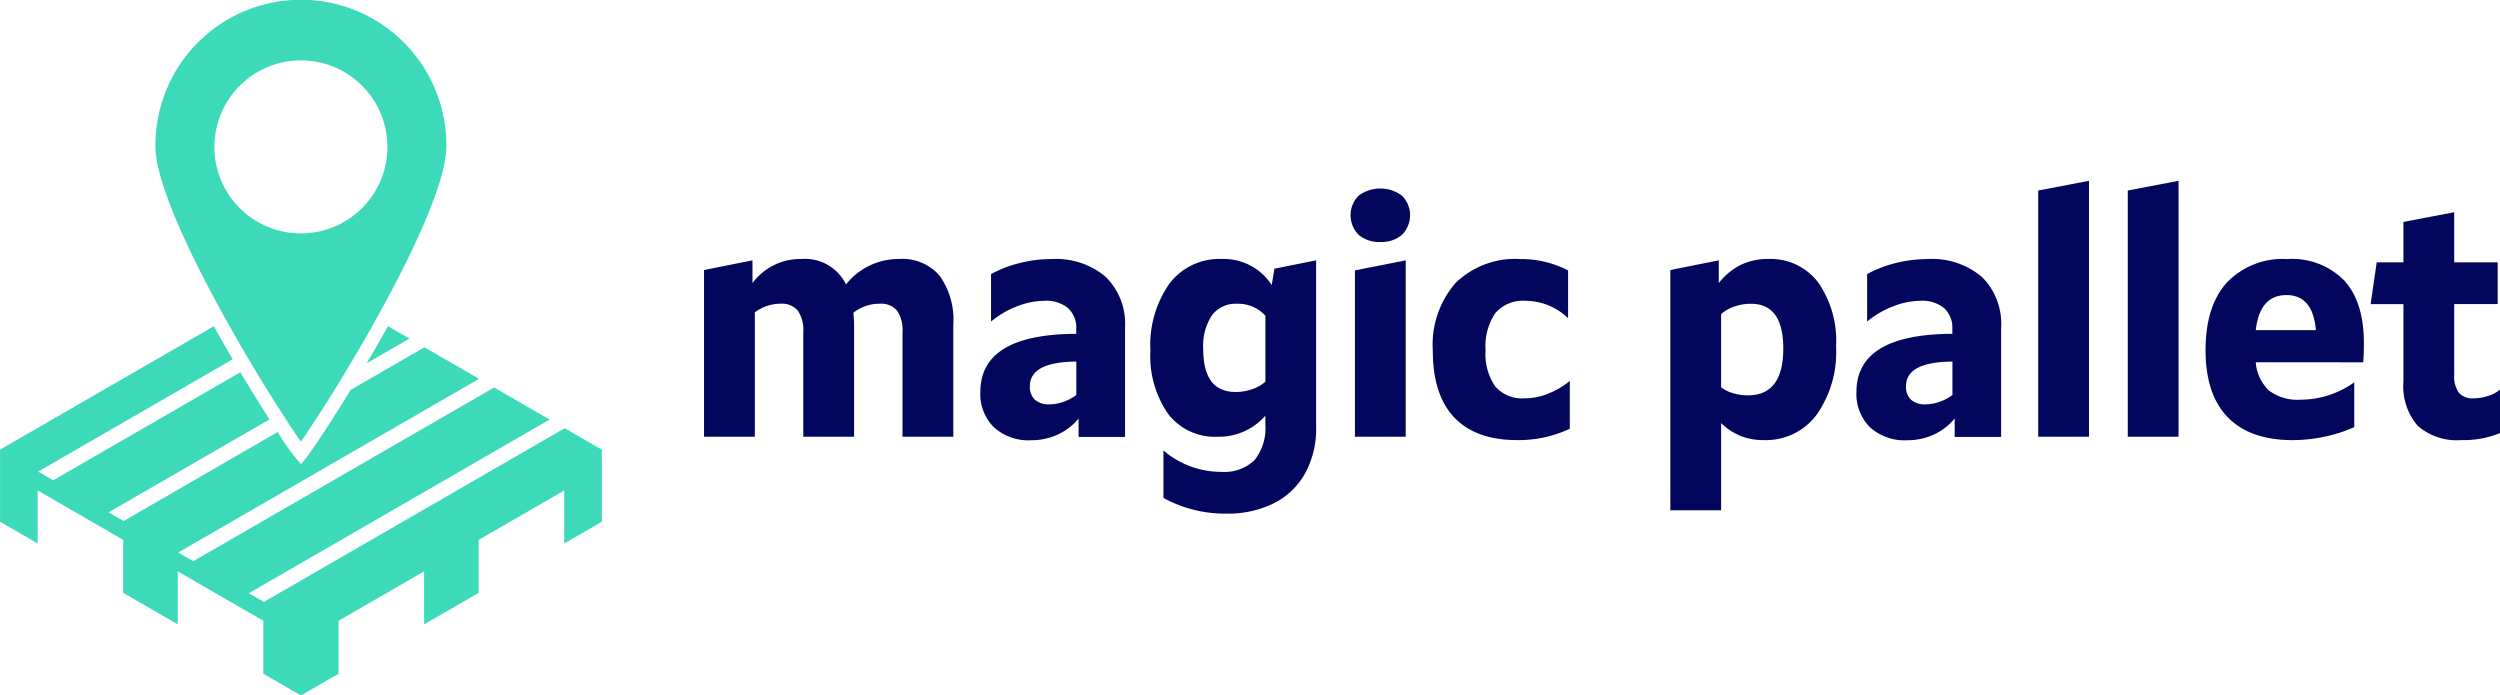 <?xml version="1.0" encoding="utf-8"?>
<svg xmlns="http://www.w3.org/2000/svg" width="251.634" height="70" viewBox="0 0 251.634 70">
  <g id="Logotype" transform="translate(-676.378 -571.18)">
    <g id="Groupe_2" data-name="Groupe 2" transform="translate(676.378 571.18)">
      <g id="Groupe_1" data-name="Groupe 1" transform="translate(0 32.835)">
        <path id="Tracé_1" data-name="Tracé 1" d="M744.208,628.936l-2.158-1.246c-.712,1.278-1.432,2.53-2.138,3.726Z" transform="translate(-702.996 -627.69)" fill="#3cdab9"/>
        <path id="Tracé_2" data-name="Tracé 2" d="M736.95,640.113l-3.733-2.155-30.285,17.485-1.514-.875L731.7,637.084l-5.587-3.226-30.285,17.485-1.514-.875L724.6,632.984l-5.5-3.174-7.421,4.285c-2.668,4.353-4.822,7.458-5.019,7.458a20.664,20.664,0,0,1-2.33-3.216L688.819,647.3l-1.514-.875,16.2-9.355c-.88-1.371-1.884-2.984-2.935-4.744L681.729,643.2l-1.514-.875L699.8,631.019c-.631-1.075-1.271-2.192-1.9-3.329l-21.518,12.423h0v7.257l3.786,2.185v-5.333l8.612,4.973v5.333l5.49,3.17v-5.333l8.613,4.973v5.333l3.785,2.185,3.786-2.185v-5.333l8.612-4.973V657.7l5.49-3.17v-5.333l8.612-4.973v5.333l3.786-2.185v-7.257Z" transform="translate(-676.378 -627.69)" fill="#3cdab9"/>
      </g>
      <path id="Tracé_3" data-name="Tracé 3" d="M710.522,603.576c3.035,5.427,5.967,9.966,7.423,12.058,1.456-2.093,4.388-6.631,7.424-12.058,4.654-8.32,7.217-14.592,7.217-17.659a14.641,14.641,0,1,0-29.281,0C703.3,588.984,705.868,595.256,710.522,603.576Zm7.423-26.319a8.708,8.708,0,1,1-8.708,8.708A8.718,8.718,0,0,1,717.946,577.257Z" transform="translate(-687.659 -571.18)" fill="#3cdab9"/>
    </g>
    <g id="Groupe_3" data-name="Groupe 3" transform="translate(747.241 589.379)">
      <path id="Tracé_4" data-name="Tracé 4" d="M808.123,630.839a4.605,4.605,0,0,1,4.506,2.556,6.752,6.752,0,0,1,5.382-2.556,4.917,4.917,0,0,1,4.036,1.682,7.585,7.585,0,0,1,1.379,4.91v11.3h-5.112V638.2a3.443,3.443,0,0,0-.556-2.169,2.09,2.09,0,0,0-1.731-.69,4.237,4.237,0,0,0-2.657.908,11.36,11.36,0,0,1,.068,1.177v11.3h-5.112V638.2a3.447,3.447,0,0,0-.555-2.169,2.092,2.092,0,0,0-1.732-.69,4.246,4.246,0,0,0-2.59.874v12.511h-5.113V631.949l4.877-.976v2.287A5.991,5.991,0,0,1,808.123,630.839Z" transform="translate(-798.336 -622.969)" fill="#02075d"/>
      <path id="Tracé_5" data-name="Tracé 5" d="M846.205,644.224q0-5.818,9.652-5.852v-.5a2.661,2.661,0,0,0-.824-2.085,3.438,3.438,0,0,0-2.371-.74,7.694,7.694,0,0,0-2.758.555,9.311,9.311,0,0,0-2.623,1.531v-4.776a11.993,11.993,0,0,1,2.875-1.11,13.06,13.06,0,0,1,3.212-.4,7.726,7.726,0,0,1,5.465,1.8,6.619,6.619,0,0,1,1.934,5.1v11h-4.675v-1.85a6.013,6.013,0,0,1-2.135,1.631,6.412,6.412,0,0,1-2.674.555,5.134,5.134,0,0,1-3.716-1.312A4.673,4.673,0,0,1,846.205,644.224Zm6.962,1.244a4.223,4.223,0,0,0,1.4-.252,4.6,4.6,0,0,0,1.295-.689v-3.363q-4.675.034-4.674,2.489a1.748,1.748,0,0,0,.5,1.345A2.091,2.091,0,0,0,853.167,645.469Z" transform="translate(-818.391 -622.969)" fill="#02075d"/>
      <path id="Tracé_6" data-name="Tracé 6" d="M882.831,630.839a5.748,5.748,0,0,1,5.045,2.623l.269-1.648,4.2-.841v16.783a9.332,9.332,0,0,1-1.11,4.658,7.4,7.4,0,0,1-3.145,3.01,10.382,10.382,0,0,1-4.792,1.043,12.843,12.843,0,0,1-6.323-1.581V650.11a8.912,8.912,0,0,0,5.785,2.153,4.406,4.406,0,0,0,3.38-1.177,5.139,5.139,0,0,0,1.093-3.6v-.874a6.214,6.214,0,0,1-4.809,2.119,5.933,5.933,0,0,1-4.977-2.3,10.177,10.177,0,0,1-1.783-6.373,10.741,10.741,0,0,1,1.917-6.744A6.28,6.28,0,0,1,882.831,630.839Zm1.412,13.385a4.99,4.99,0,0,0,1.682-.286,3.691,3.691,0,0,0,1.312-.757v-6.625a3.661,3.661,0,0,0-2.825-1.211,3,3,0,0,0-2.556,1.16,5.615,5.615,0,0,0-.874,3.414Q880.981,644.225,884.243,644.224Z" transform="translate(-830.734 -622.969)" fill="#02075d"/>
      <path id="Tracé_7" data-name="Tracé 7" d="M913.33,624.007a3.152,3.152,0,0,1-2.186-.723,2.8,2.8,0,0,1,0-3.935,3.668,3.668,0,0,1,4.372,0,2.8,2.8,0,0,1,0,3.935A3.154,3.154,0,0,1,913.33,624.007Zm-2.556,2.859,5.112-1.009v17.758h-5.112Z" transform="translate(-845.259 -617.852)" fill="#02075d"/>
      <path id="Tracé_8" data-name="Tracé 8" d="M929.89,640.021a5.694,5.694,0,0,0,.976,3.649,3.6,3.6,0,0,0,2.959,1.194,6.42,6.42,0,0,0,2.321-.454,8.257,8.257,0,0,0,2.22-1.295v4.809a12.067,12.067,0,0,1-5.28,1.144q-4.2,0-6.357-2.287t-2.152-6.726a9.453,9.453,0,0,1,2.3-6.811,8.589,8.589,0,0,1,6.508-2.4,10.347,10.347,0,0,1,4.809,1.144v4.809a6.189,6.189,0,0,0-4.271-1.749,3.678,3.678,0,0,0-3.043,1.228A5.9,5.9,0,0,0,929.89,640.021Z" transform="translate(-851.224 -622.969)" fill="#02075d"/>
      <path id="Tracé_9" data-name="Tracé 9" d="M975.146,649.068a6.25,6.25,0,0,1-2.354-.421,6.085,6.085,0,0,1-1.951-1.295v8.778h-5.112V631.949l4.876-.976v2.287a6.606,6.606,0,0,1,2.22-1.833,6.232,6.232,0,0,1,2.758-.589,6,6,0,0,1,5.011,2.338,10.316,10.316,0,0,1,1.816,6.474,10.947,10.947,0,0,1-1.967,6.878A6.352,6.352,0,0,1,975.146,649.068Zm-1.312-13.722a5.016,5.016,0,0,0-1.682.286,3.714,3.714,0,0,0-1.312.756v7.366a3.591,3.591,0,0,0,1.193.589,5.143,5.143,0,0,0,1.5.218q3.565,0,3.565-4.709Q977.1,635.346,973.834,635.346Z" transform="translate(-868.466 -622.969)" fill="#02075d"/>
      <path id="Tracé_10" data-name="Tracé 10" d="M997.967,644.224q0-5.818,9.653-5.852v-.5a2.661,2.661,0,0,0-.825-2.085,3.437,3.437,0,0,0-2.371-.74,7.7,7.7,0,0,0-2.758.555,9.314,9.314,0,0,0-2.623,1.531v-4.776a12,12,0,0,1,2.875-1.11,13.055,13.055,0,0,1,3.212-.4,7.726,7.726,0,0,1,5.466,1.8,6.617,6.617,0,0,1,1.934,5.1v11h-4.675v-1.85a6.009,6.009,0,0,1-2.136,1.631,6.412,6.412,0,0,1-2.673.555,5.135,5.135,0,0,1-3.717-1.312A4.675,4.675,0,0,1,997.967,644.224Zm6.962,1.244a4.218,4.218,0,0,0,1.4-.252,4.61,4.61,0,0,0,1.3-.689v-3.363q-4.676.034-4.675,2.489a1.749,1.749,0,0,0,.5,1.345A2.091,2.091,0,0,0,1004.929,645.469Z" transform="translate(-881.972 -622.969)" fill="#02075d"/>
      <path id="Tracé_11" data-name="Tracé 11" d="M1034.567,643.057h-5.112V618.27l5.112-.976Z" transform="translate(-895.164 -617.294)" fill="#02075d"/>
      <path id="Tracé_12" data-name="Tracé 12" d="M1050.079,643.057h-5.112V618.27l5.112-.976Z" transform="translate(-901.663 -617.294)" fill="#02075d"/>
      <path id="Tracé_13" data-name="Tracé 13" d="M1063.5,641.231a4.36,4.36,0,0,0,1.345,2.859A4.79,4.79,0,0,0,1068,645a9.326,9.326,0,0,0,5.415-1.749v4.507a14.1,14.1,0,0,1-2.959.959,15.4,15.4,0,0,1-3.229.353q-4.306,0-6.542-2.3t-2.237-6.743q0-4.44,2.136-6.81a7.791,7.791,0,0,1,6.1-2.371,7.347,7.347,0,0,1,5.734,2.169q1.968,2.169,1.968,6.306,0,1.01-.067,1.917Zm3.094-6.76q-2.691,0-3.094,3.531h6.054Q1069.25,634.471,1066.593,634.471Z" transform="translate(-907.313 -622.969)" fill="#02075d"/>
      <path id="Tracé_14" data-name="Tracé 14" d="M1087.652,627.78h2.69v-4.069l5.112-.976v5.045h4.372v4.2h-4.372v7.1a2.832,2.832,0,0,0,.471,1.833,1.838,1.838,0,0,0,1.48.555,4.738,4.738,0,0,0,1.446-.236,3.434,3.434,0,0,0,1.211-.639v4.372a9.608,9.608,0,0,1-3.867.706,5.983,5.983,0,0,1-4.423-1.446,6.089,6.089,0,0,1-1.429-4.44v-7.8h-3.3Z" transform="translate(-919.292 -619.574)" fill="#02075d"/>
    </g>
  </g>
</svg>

━━━━━━━━━━━━━━━━

PROBLEM TO WORK ON:
Each line with "Groupe" in it must be identified and copied from the material.

RESULT FOR THIS TASK:
    <g id="Groupe_2" data-name="Groupe 2" transform="translate(676.378 571.18)">
      <g id="Groupe_1" data-name="Groupe 1" transform="translate(0 32.835)">
    <g id="Groupe_3" data-name="Groupe 3" transform="translate(747.241 589.379)">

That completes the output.